Publication bias analysis using Egger’s test revealed an intercept of −0.718 with standard error of 0.212 and p = 0.627, indicating no significant evidence of publication bias (Table 7).
The funnel plot demonstrated symmetric distribution around the pooled effect, supporting the absence of publication bias.

3.6. Sensitivity and Robustness Analysis

Leave-one-out analysis demonstrated robust results across all sensitivity analyses (Table 8).
When excluding Li et al., the pooled effect size was −1.039 with 95% confidence interval from −1.331 to −0.748, showing reduced magnitude but remaining significant [19]. Excluding Jiang et al. resulted in a pooled effect size of −1.421 with confidence interval from −1.732 to −1.110, showing increased magnitude while remaining significant [20]. Excluding Dossena et al. yielded a pooled effect size of −1.221 with confidence interval from −1.738 to −0.703, demonstrating minimal change while remaining significant [21]. Excluding Patrizz et al. produced a pooled effect size of −1.263 with confidence interval from −1.743 to −0.783, showing minimal change while remaining significant [22].
All sensitivity analyses maintained statistical significance with p < 0.001 and large effect sizes, confirming the robustness of findings across different combinations of included studies.

4. Discussion

This systematic review and meta-analysis provides preliminary evidence for bidirectional microbiome-CNS tumor interactions, with a large pooled effect size for Shannon diversity reduction (Cohen’s d = −1.237). While the findings should be interpreted with caution, they collectively support the concept of a gut–brain–tumor axis that integrates immune, metabolic, and inflammatory signaling pathways. Nevertheless, several methodological and clinical limitations constrain the confidence and translational applicability of these results.
It is important to emphasize that this analysis does not constitute a reprocessing-based meta-analysis of raw 16S rRNA data but rather a quantitative synthesis of published statistical outcomes.
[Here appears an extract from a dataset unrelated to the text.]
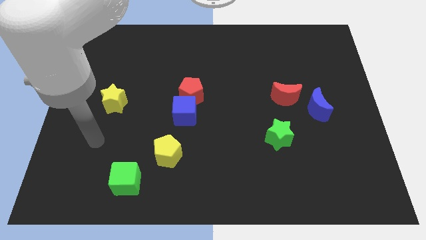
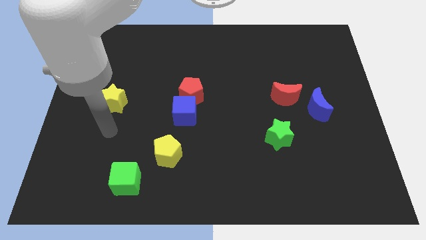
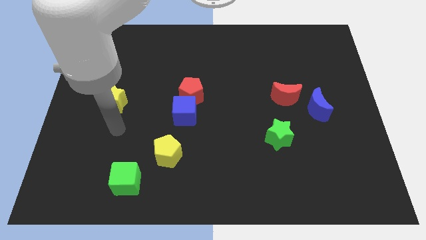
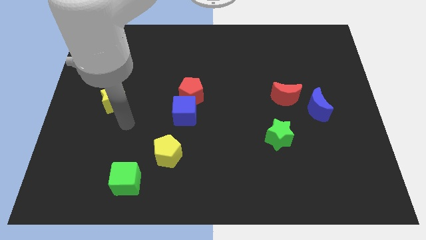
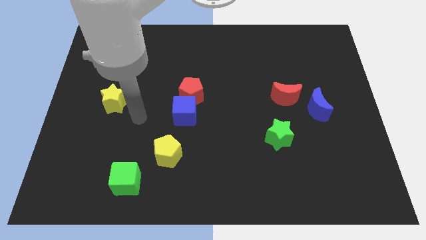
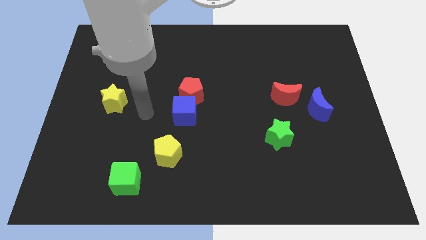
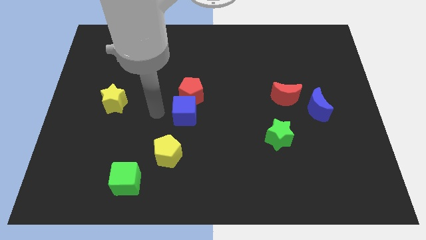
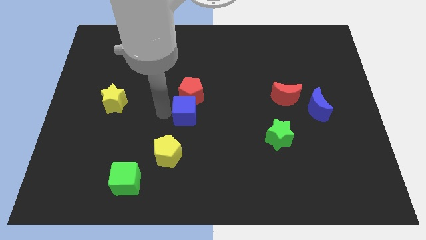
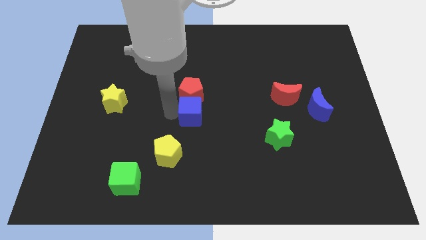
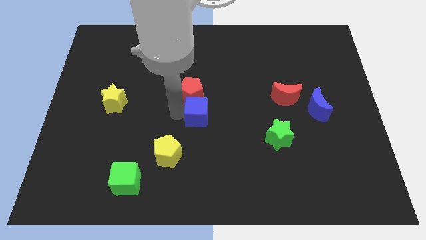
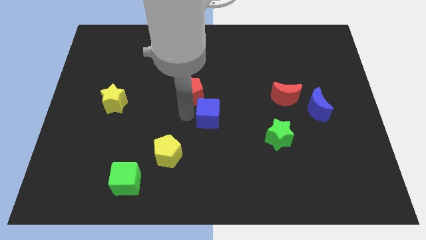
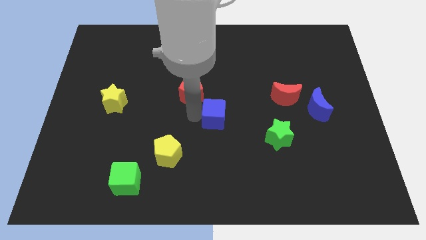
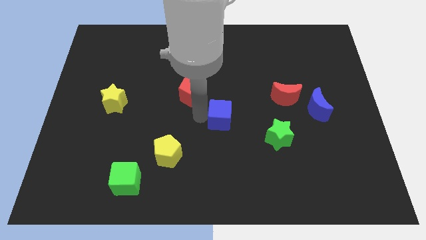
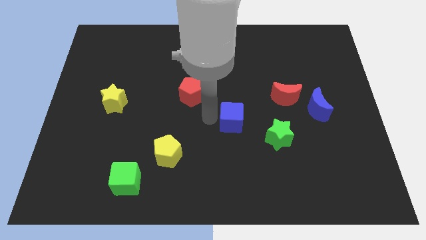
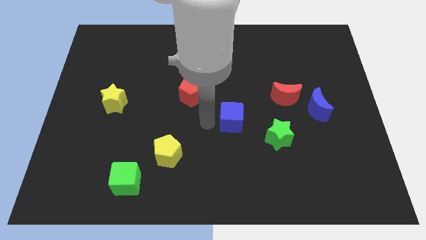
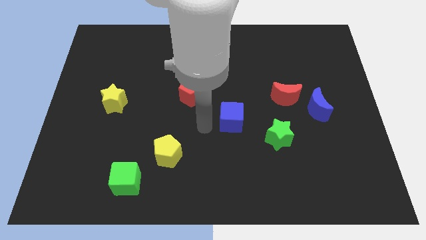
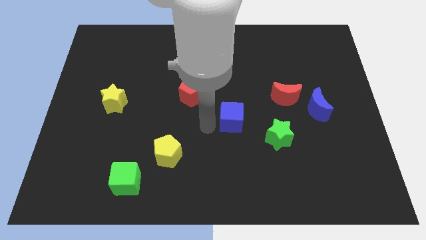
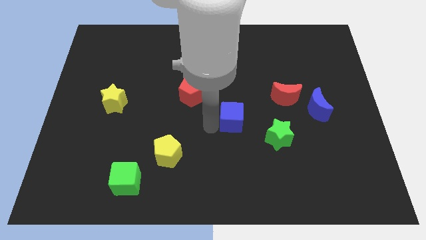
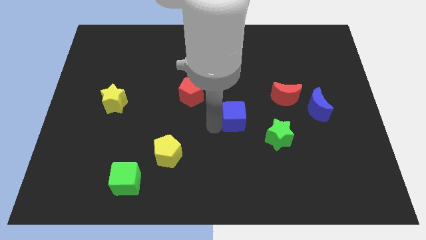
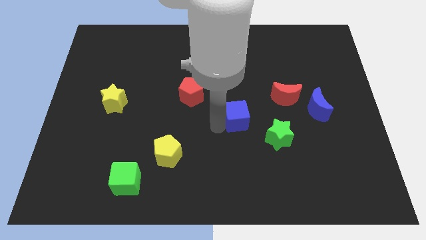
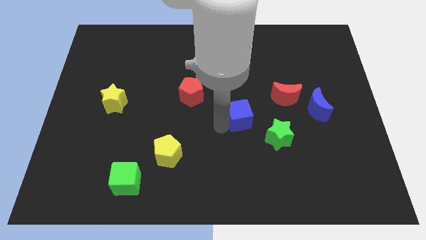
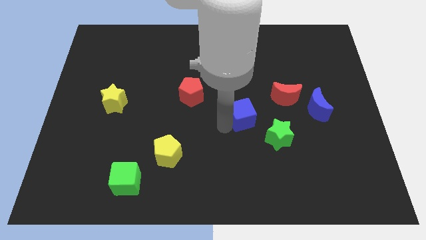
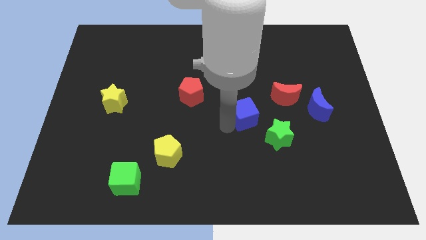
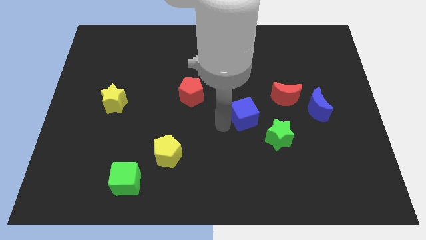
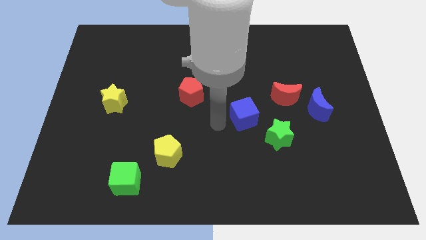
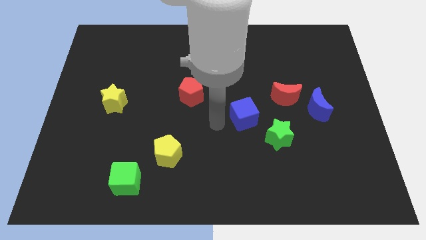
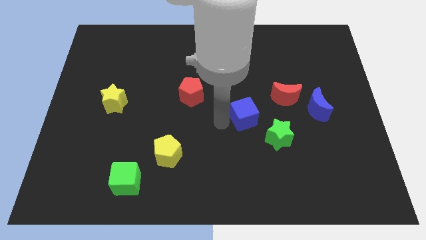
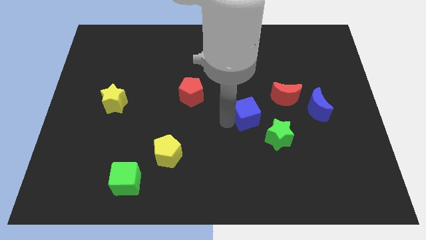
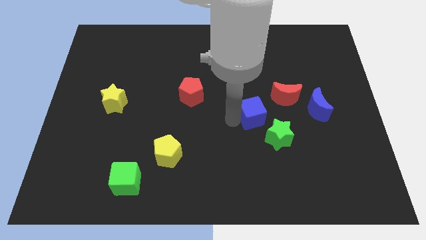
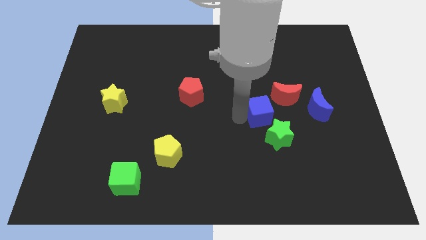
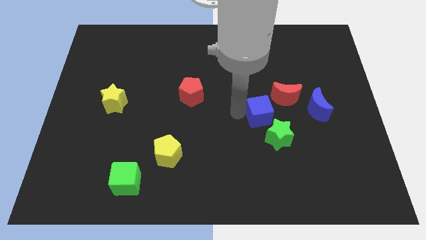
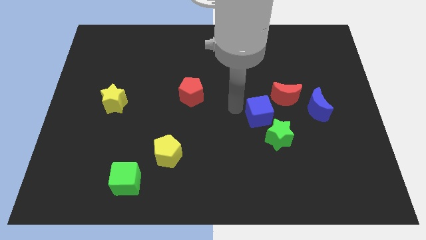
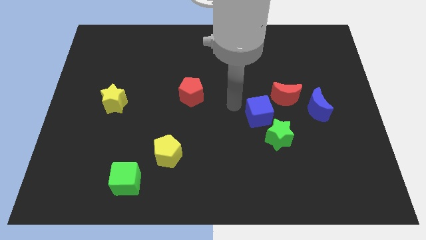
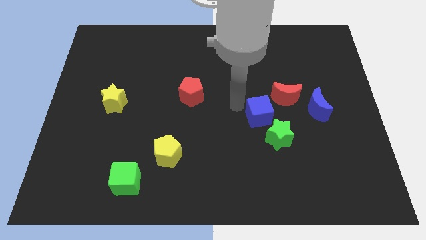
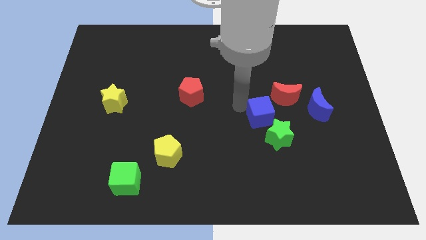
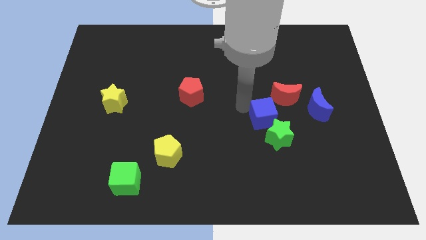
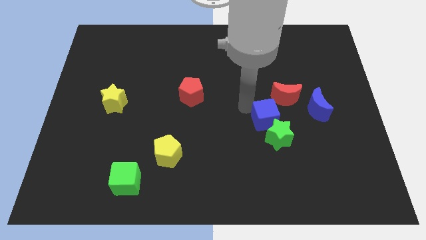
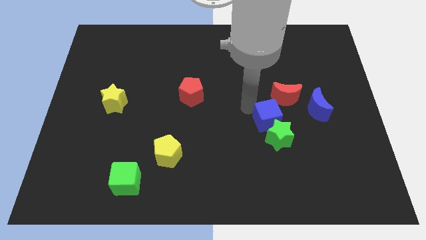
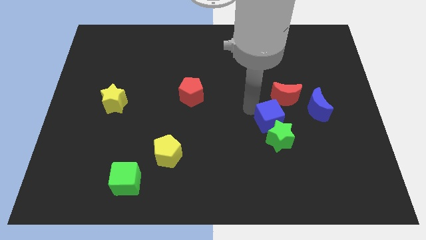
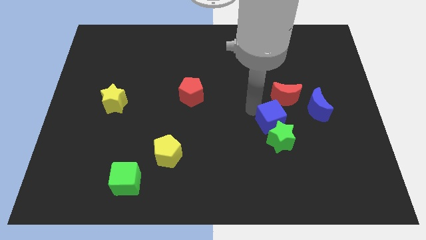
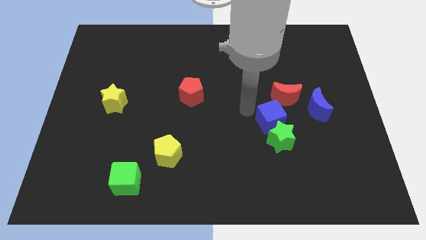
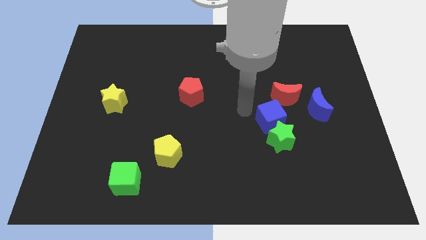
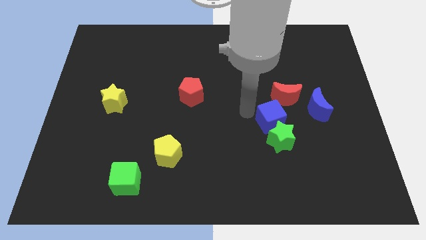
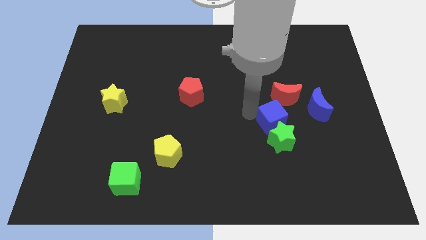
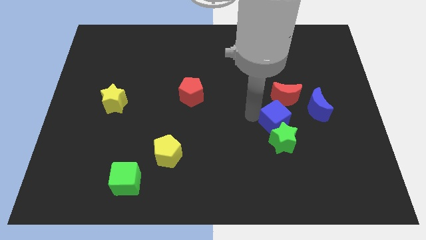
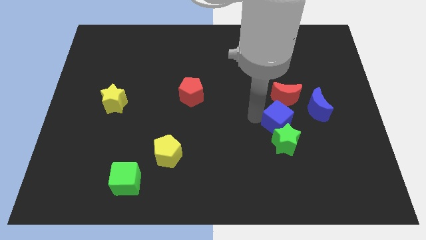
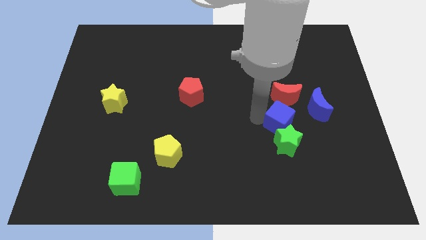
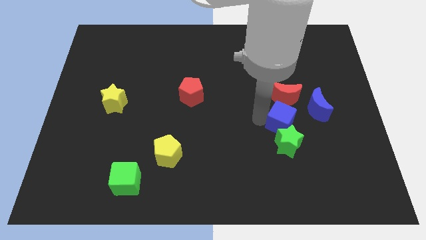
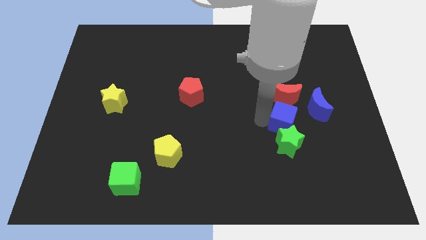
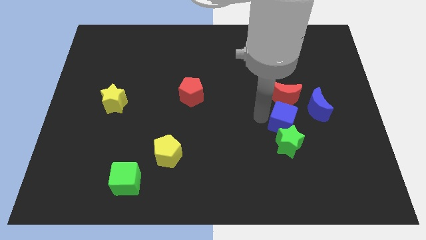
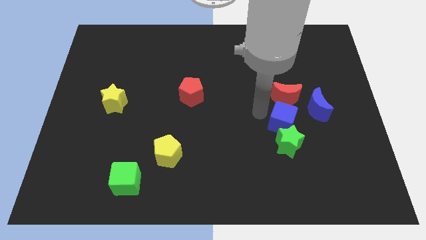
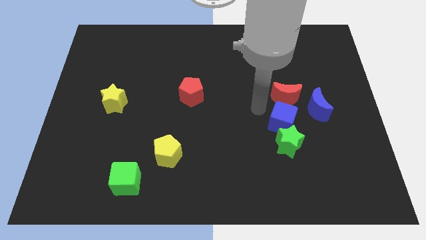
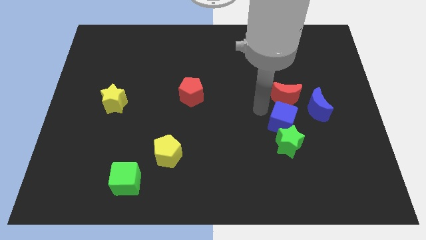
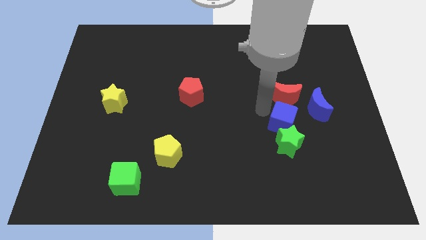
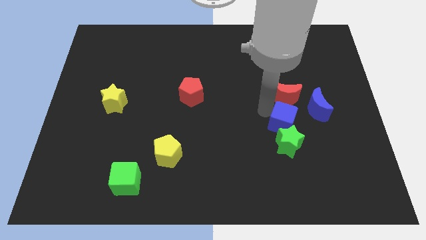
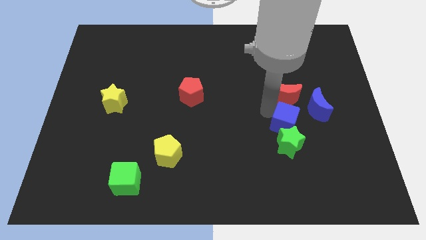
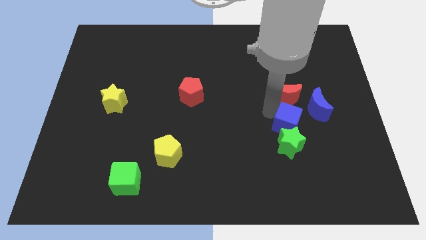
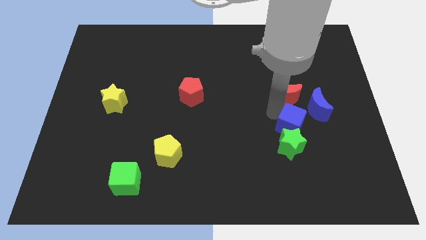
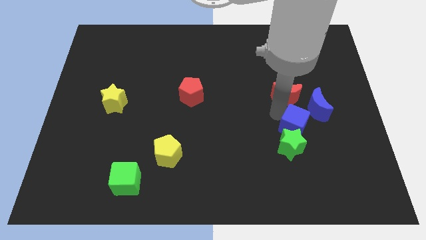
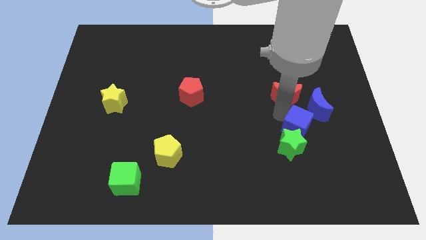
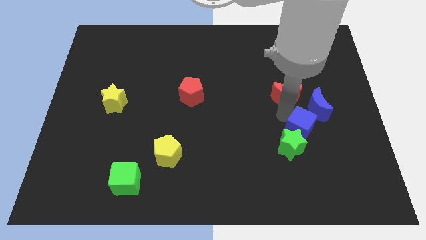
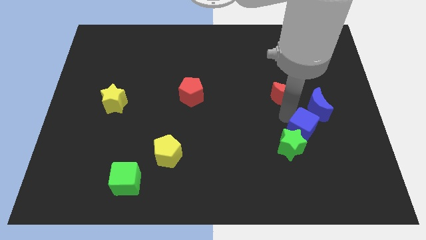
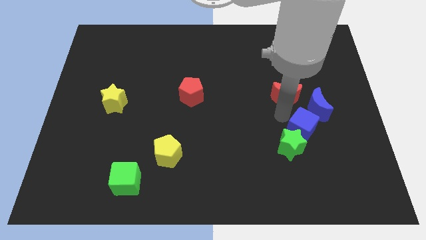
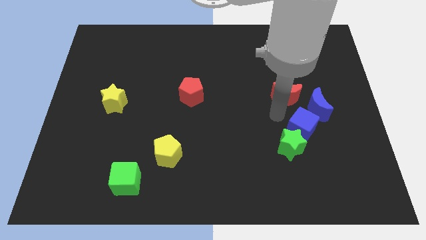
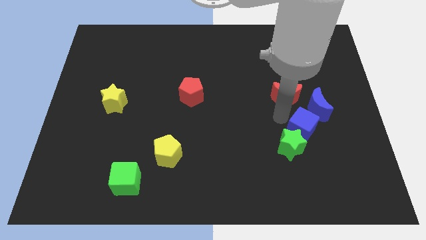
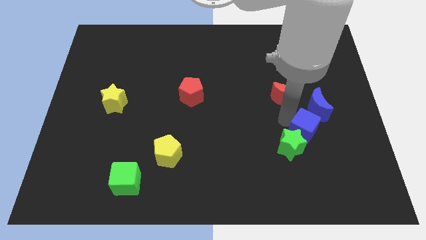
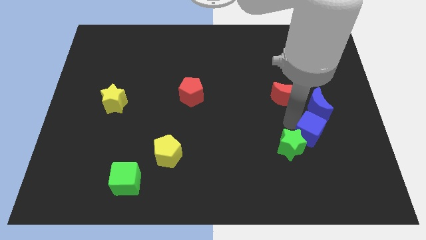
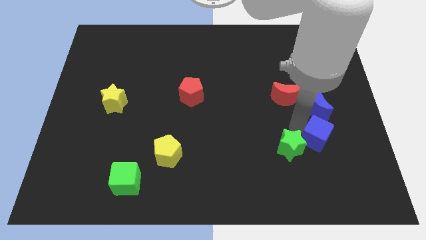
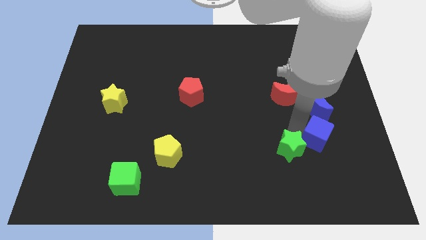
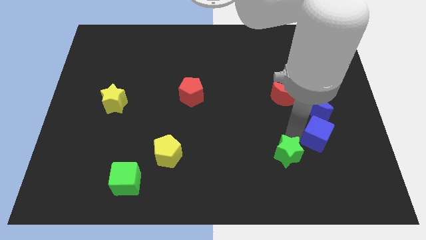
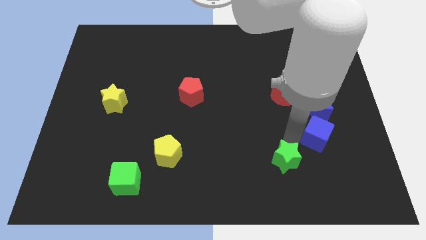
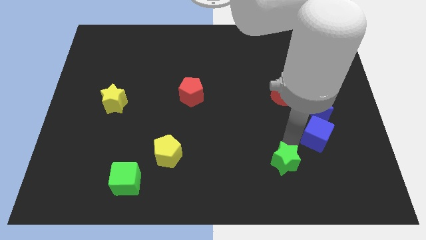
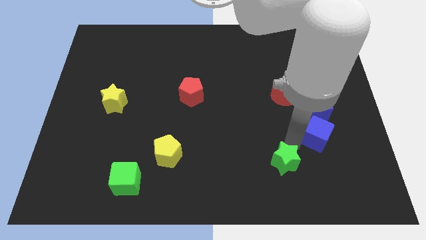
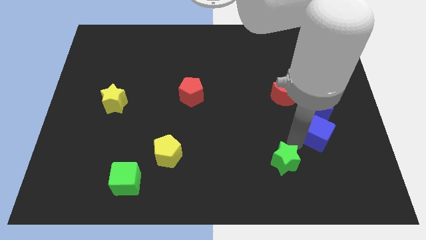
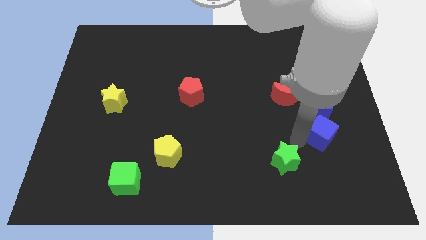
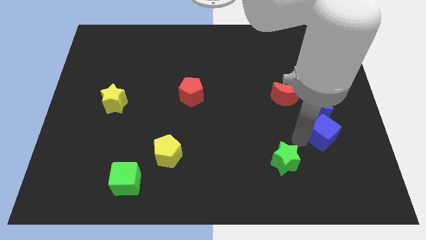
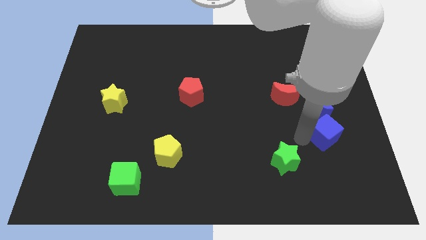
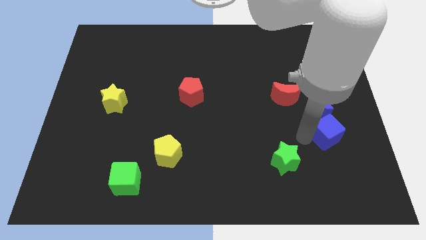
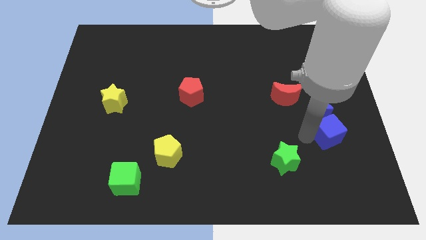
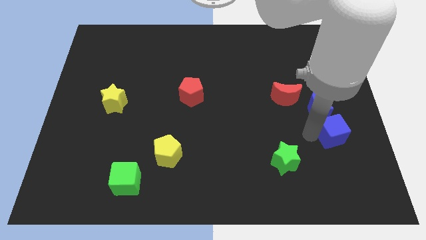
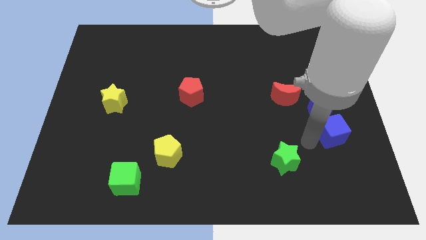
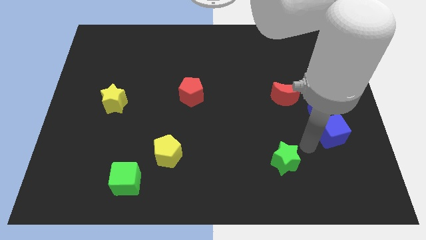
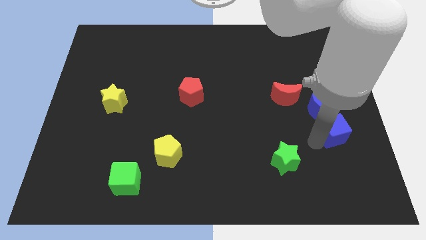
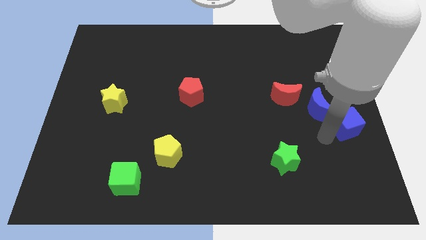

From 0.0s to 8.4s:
push the blue cube to the right side of the board

This “reported-data meta-analysis” approach has been widely used across biomedical and microbiome studies when raw data harmonization is not feasible, allowing estimation of pooled effects despite inter-study pipeline differences.
The analysis revealed consistent patterns of dysbiosis characterized by reduced diversity with large effect size indicating clinically meaningful disruption, increased pathogenic bacteria including Akkermansia muciniphila with 2.23-fold increase and Fusobacterium species with 2.04-fold increase, decreased beneficial bacteria including Bifidobacterium species with 47% reduction and Lachnospira species with 56% reduction, and fair diagnostic performance with pooled AUC of 0.786 suitable for screening applications. The observed microbiome alterations may result from tumor-induced systemic changes affecting gut physiology, or alternatively, pre-existing dysbiosis may influence CNS tumor development through immune modulation that penetrates the altered blood-brain barrier in tumor regions.
The mechanistic framework involves multiple pathways operating within the compromised CNS immune privilege environment characteristic of brain tumors. Tumor-associated inflammation and blood-brain barrier disruption create opportunities for peripheral immune signals, influenced by gut microbiota, to access the CNS compartment. This represents a departure from normal CNS immune privilege, where the blood-brain barrier and specialized immune surveillance limit peripheral immune system access.
The molecular mechanisms underlying microbiome-CNS tumor interactions involve three primary pathways. Immune system modulation occurs through several pathways. Gut microbiota influence systemic T-cell populations that can access brain tumor sites through compromised barriers. The identification of Bacteroides cellulosilyticus as predictive of anti-PD-1 response in humanized mouse models suggests specific bacterial species may enhance therapeutic efficacy through improved T-cell activation and CNS infiltration.
Metabolic pathway alterations involve short-chain fatty acid production by beneficial bacteria. SCFA depletion in brain tumor patients may reduce anti-inflammatory signals and impair M1 macrophage polarization in tumor microenvironments. Butyrate specifically demonstrates direct anti-tumor effects through histone deacetylase inhibition, suggesting therapeutic potential for SCFA supplementation.
Inflammatory response modifications demonstrate that commensal bacteria appear to provide protective effects against tumor development through inflammatory pathway modulation, with antibiotic-induced depletion leading to increased tumor growth.
Several evidence-based therapeutic strategies emerge from this analysis. Probiotic supplementation involves targeted administration of potentially beneficial bacteria such as Bifidobacterium and Lachnospira to restore microbial balance. Prebiotic interventions include dietary modifications promoting beneficial microbial growth. Metabolite supplementation encompasses direct administration of short-chain fatty acids and tryptophan. Combination therapies integrate microbiome interventions with conventional treatments, particularly immunotherapy. Personalized approaches utilize microbiome-based treatment selection algorithms.
This meta-analysis provides the first quantitative synthesis of microbiome-CNS tumor relationships, revealing a larger effect size than reported in individual studies. The pooled AUC of 0.786 represents better diagnostic performance than many traditional biomarkers, supporting clinical utility. The consistency of findings across different populations and methodologies strengthens confidence in the gut-brain-tumor axis concept.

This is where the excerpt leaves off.